Nesse contexto ignaro, cito a obra de Christopher Lasch (1932-94), historiador norte-americano que fez publicar "A Cultura do Narcisismo" (em 1979), um valioso trabalho acadêmico no qual ele identificava o traço narcísico de nossa era: carência, adolescência tardia, incapacidade de assumir a paternidade ou maternidade e pavor do envelhecimento; enfim, uma alma infantil num corpo de adulto.

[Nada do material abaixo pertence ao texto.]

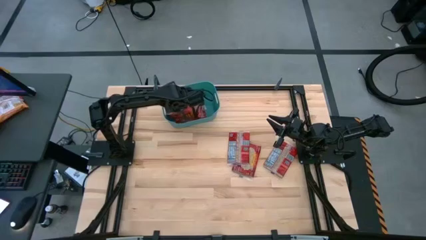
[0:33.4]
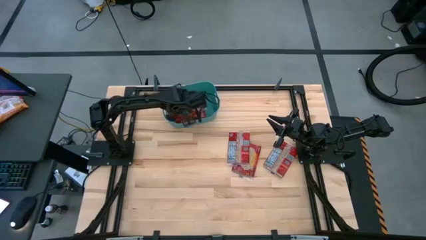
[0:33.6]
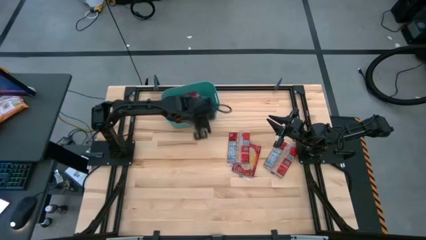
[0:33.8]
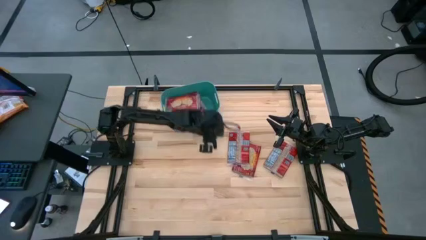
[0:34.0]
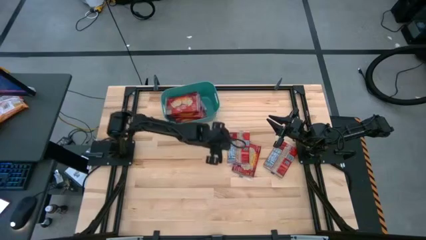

Lembrei-me do velho Lasch quando, ao final de sua explanação, o capitão do Tri afirmou que aquele gol só aconteceu porque, ao contrário de agora, havia uma boa comunicação em campo: - “Os jogadores, hoje em dia, não conversam mais. Ninguém fala nada!”, concluiu.

Também nessa maré, lendo um ótimo artigo de Luiz Pondé, na Folha de São Paulo, deparei-me com a citação de uma pesquisa contendo a descrição de um cidadão moldado às feições do tal narcisismo contemporâneo: a obsessão com a auto-imagem, amizades superficiais, respostas especialmente agressivas a supostas críticas feitas a ela, vidas guiadas por concepções altamente subjetivas de mundo, vaidade doentia, senso de superioridade moral e tendências exibicionistas grandiosas. Em suma, um ser naturalmente individualista.

O leitor não precisa se esforçar muito para encaixar vários de nossos atuais craques nas respectivas qualidades supracitadas. De bate-pronto, vem-me à cabeça a pérola de Luis Fabiano, quando indagado sobre seus jogadores preferidos da seleção de 58: "Não sei, nasci em 1980"... Alexandre Pato embarcou na mesma saída medíocre e engraçadinha ("Eu nem era nascido!"), e também o respeitado capitão de então, Lúcio; nenhum deles sabia o nome de um único jogador que ganhou a primeira Copa para o Brasil; nem de Pelé, Nilton Santos, Didi ou Mané.


Fato que me deixa bem pessimista quanto ao rendimento do Brasil na Copa de 2014, quando os jogadores sofrerão uma pressão descomunal, sendo candidatos a heróis da Pátria por livrar de vez o inconsciente nacional do maldito complexo de vira-latas que, neste caso (uma Copa em casa), ainda se sobrepõe à espetacular imagem de sucesso e orgulho que a seleção brasileira conquistou nos últimos 50 anos de disputas ludopédicas, mundo afora.

Será que os convocados terão tal condição psicológica, moral ou emocional? Será que algum deles terá porventura visto Didi carregando a bola, majestosamente calmo, após tomarmos o primeiro gol da Suécia, na final de 58? Receio que não, menos por oportunidade que por interesse, obviamente. Aliás, eles nem mesmo sabem que Didi foi um jogador, e não um comediante.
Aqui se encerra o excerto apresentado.